- To do -
Write out all of the records below precisely as given, omitting the images.

Saved data entries:
* * * * * * *

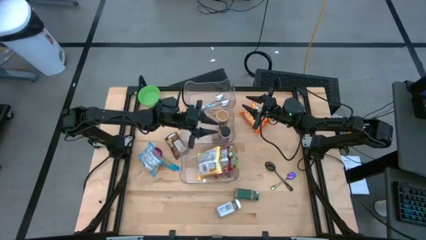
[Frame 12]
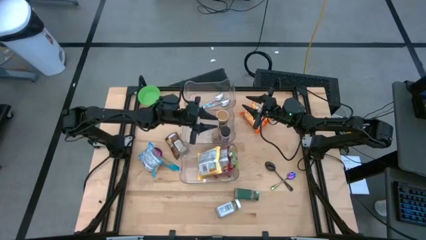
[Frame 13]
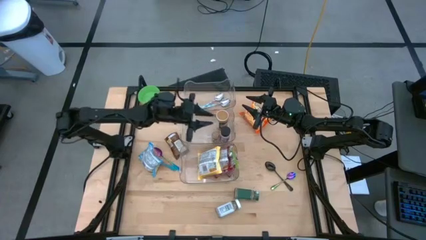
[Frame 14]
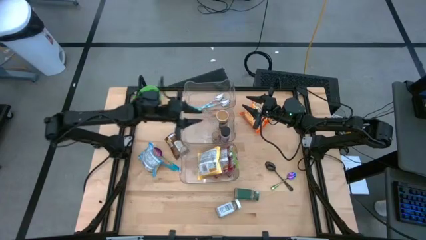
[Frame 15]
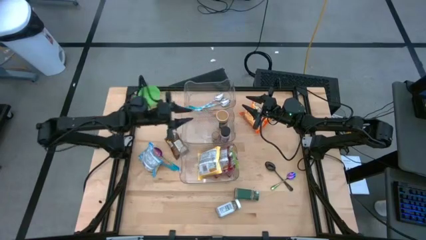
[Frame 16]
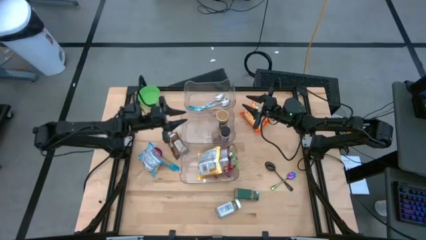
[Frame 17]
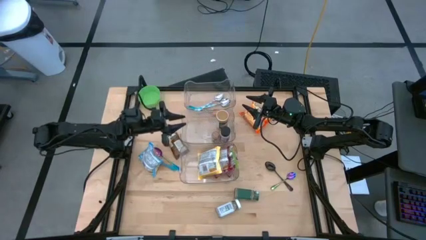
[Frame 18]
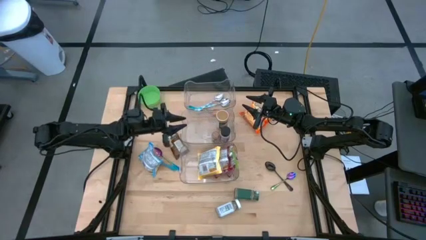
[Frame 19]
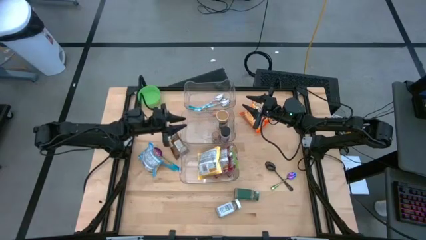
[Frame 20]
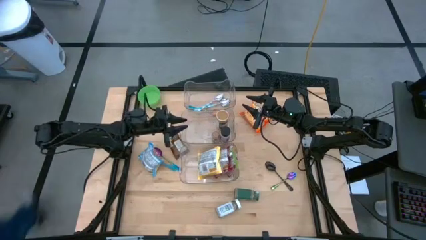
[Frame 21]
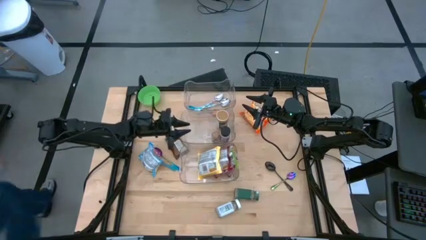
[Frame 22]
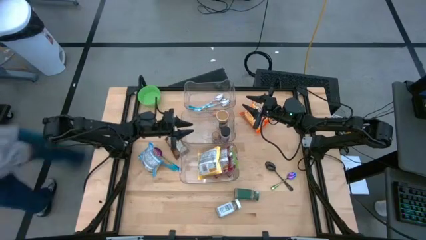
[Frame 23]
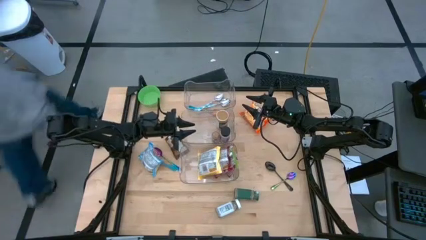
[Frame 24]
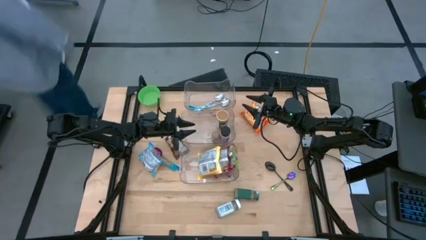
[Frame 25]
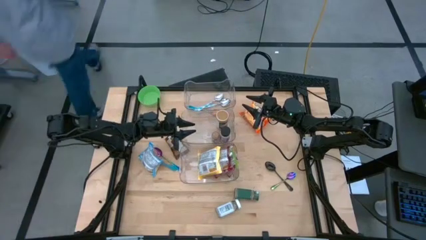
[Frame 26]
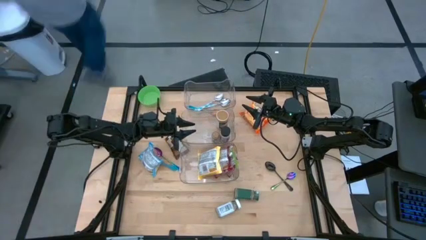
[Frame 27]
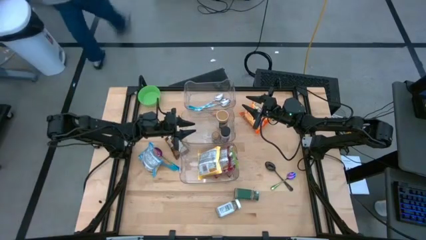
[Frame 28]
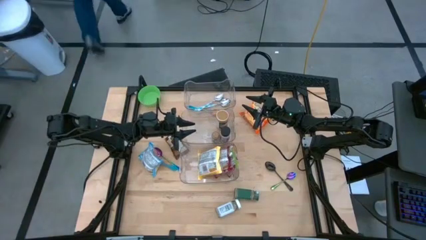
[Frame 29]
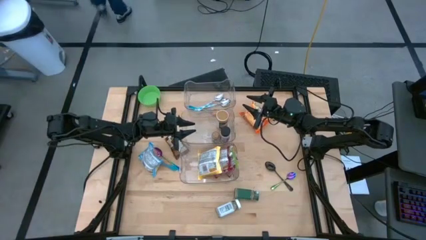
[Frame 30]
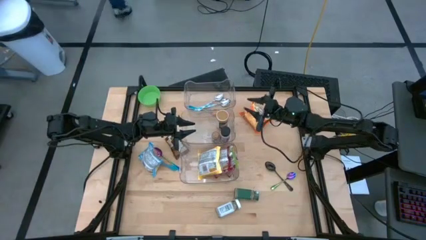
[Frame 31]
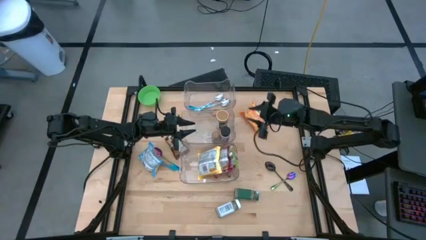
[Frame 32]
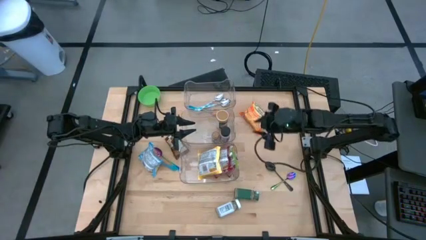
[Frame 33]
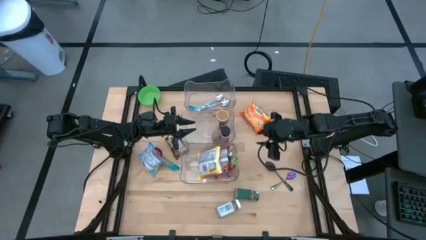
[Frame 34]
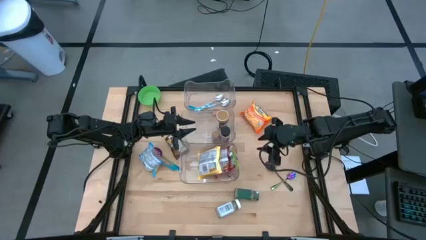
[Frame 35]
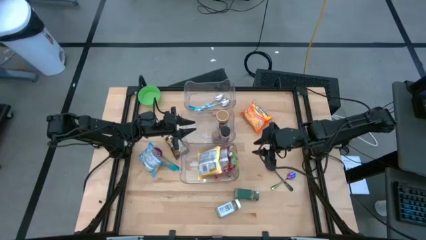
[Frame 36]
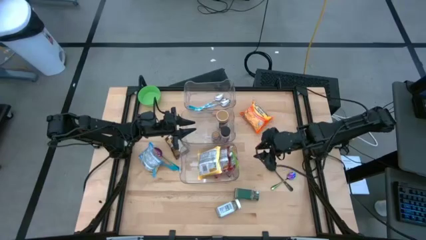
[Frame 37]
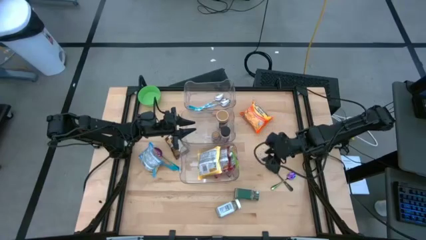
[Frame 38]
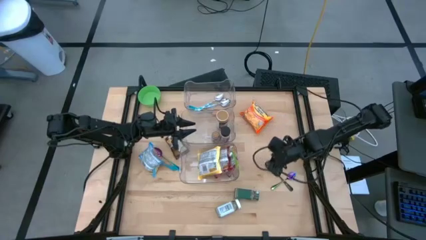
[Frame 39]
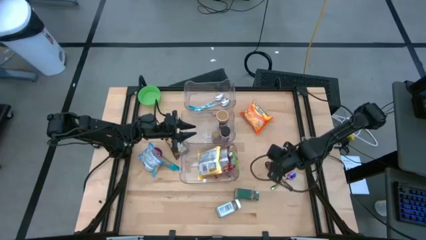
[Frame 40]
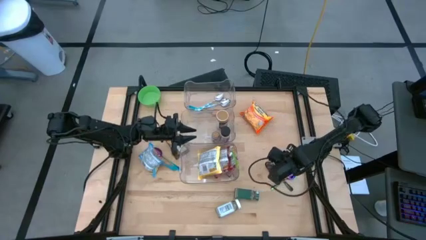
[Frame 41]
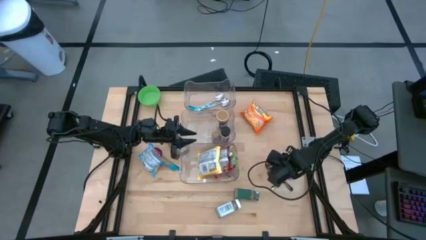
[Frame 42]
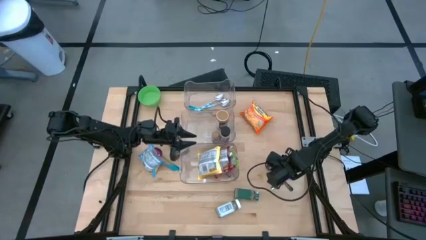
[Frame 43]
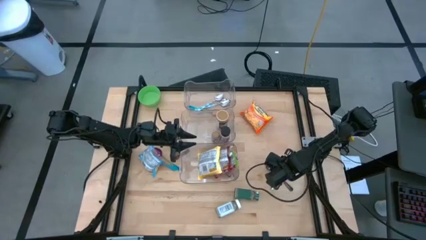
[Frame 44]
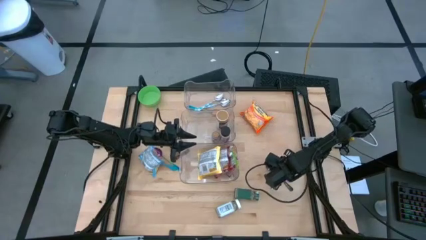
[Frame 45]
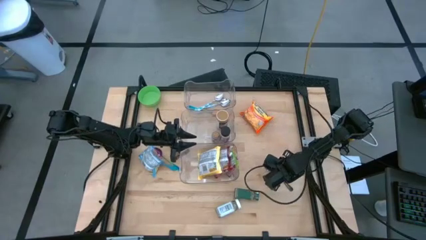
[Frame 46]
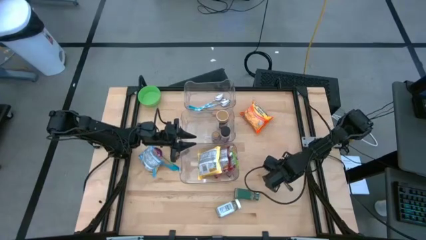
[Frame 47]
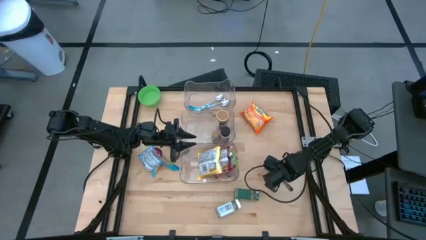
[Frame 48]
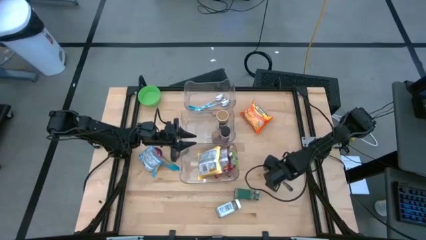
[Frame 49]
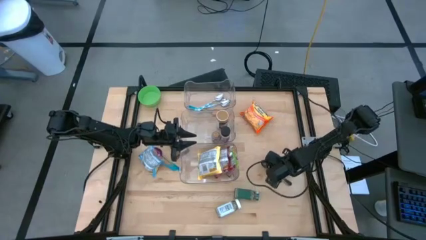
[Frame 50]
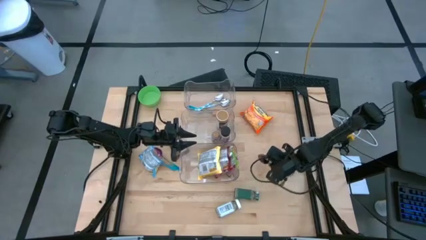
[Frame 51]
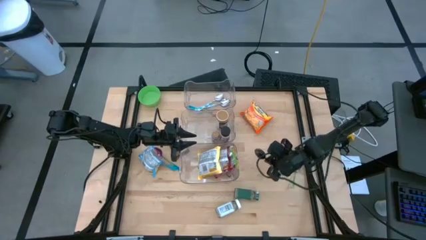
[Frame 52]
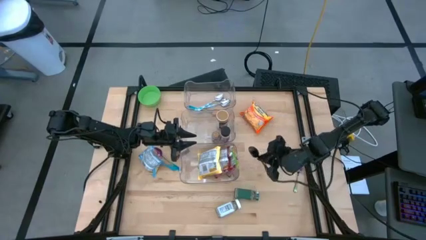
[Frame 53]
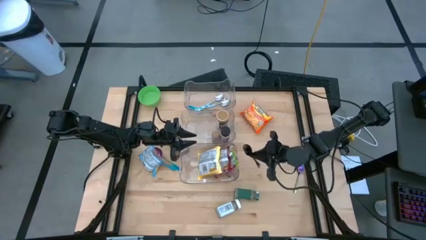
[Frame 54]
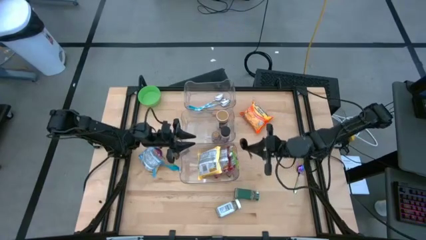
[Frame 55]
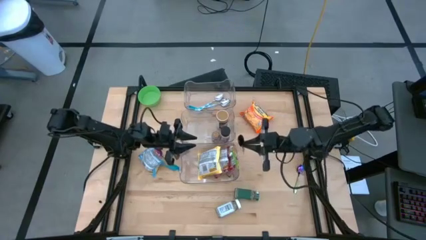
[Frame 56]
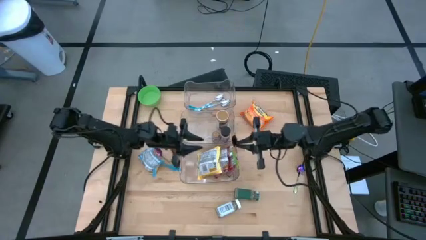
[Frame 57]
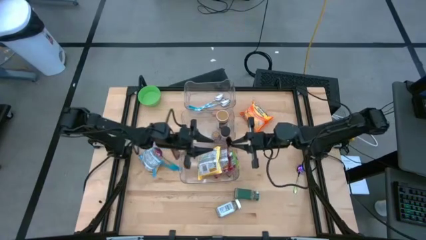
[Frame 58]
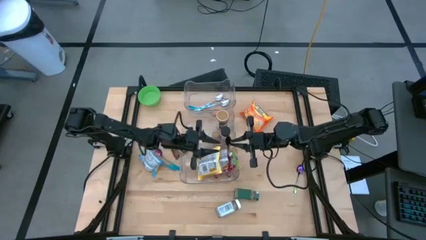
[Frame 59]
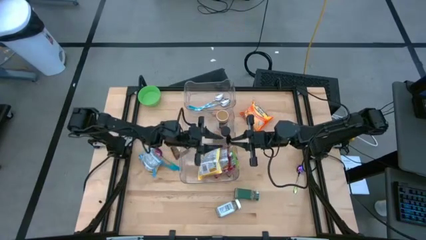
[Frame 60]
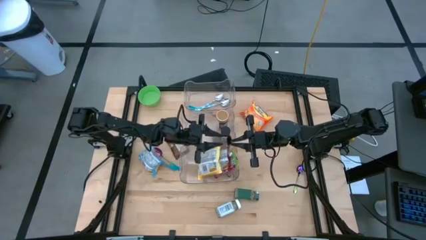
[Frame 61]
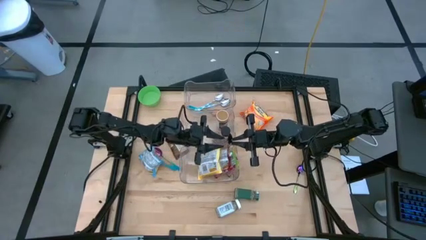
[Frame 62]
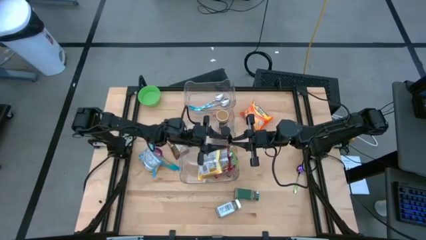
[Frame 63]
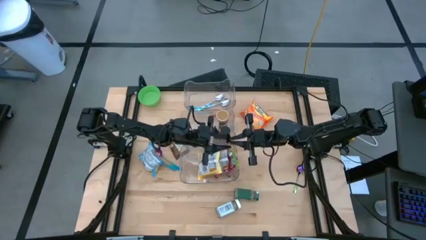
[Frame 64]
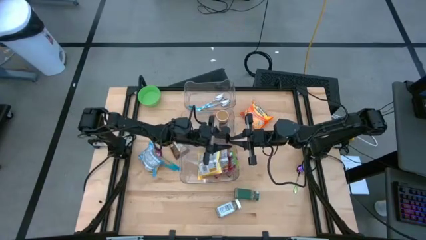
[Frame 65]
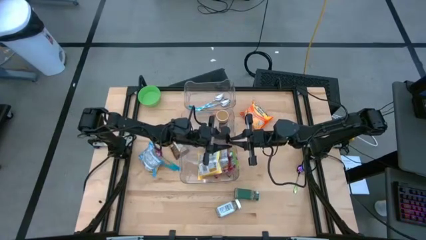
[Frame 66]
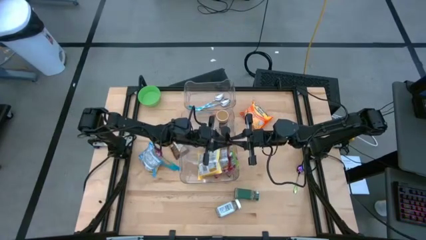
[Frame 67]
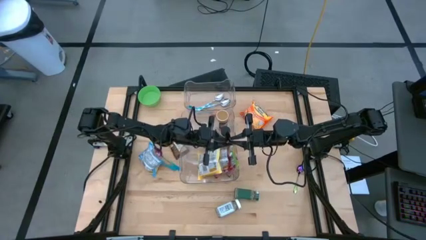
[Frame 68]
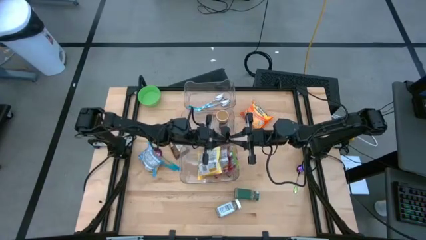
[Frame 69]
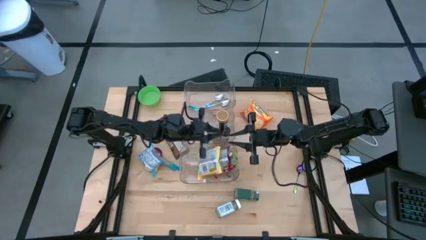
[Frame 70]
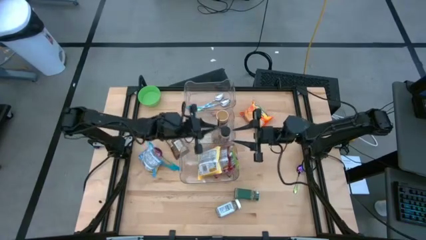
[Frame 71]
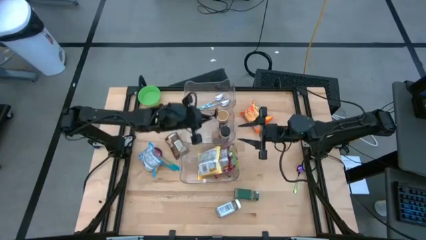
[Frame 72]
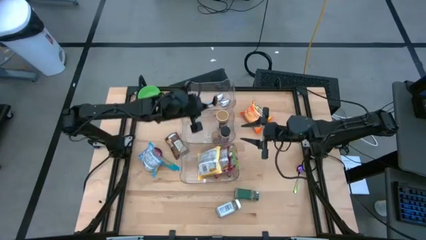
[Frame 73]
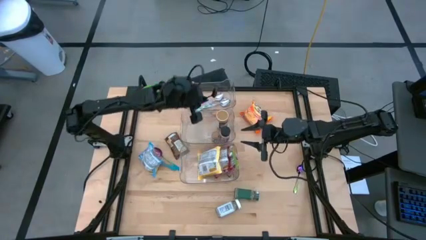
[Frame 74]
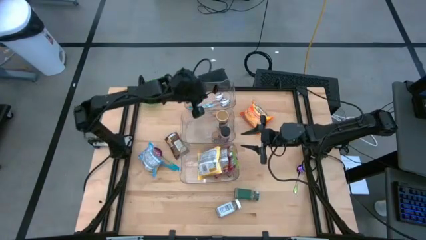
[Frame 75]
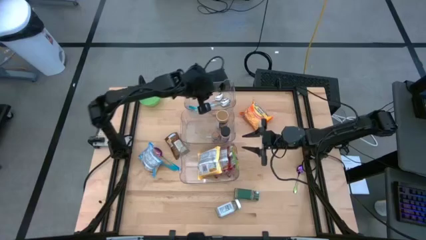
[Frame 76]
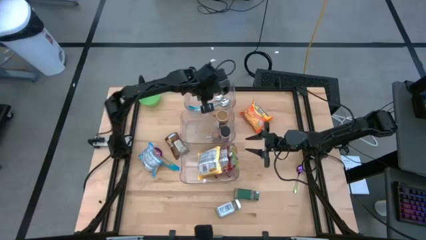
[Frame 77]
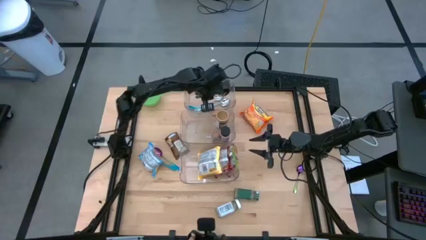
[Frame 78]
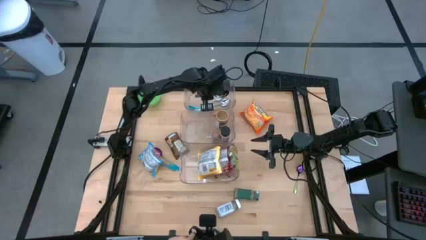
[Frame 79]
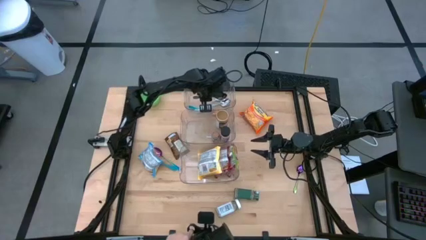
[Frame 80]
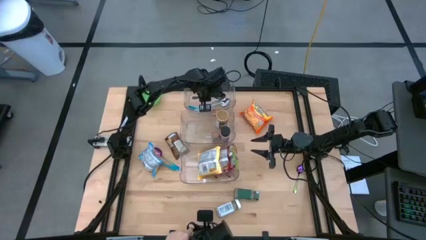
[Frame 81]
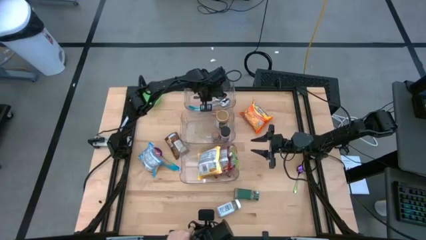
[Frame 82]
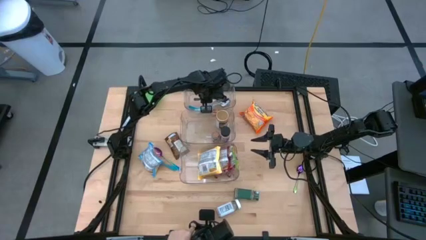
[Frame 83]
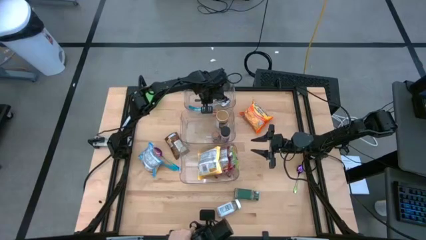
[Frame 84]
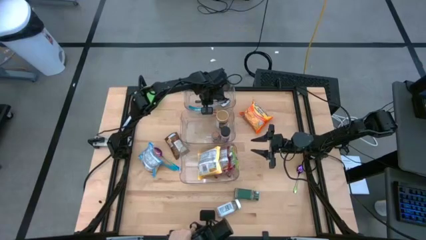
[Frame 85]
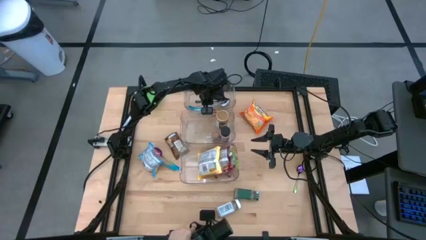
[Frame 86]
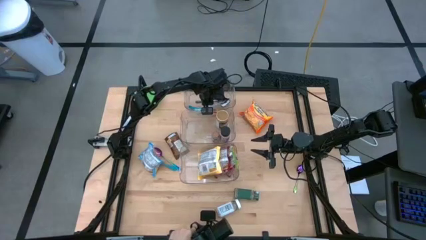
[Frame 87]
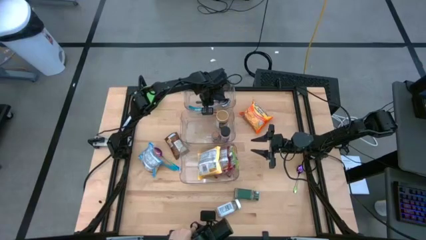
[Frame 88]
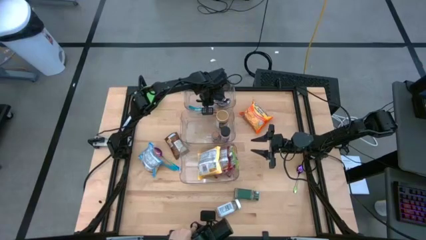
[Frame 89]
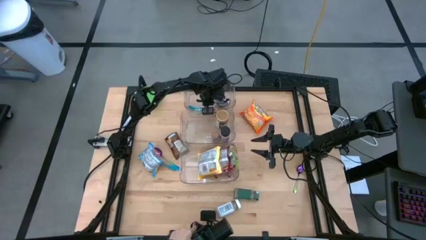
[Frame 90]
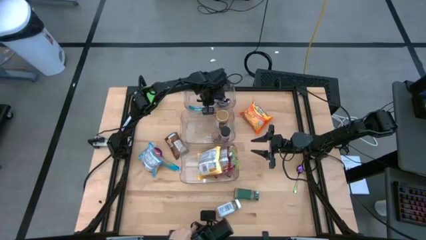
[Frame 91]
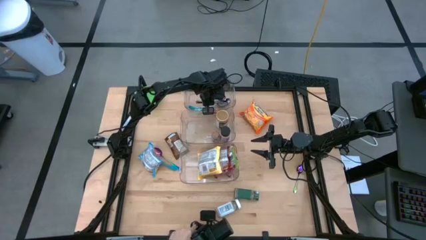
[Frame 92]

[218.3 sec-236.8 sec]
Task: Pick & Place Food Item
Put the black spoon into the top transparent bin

* * * * * * *

- Solution -
[Frame 12]
[Frame 13]
[Frame 14]
[Frame 15]
[Frame 16]
[Frame 17]
[Frame 18]
[Frame 19]
[Frame 20]
[Frame 21]
[Frame 22]
[Frame 23]
[Frame 24]
[Frame 25]
[Frame 26]
[Frame 27]
[Frame 28]
[Frame 29]
[Frame 30]
[Frame 31]
[Frame 32]
[Frame 33]
[Frame 34]
[Frame 35]
[Frame 36]
[Frame 37]
[Frame 38]
[Frame 39]
[Frame 40]
[Frame 41]
[Frame 42]
[Frame 43]
[Frame 44]
[Frame 45]
[Frame 46]
[Frame 47]
[Frame 48]
[Frame 49]
[Frame 50]
[Frame 51]
[Frame 52]
[Frame 53]
[Frame 54]
[Frame 55]
[Frame 56]
[Frame 57]
[Frame 58]
[Frame 59]
[Frame 60]
[Frame 61]
[Frame 62]
[Frame 63]
[Frame 64]
[Frame 65]
[Frame 66]
[Frame 67]
[Frame 68]
[Frame 69]
[Frame 70]
[Frame 71]
[Frame 72]
[Frame 73]
[Frame 74]
[Frame 75]
[Frame 76]
[Frame 77]
[Frame 78]
[Frame 79]
[Frame 80]
[Frame 81]
[Frame 82]
[Frame 83]
[Frame 84]
[Frame 85]
[Frame 86]
[Frame 87]
[Frame 88]
[Frame 89]
[Frame 90]
[Frame 91]
[Frame 92]

[218.3 sec-236.8 sec]
Task: Pick & Place Food Item
Put the black spoon into the top transparent bin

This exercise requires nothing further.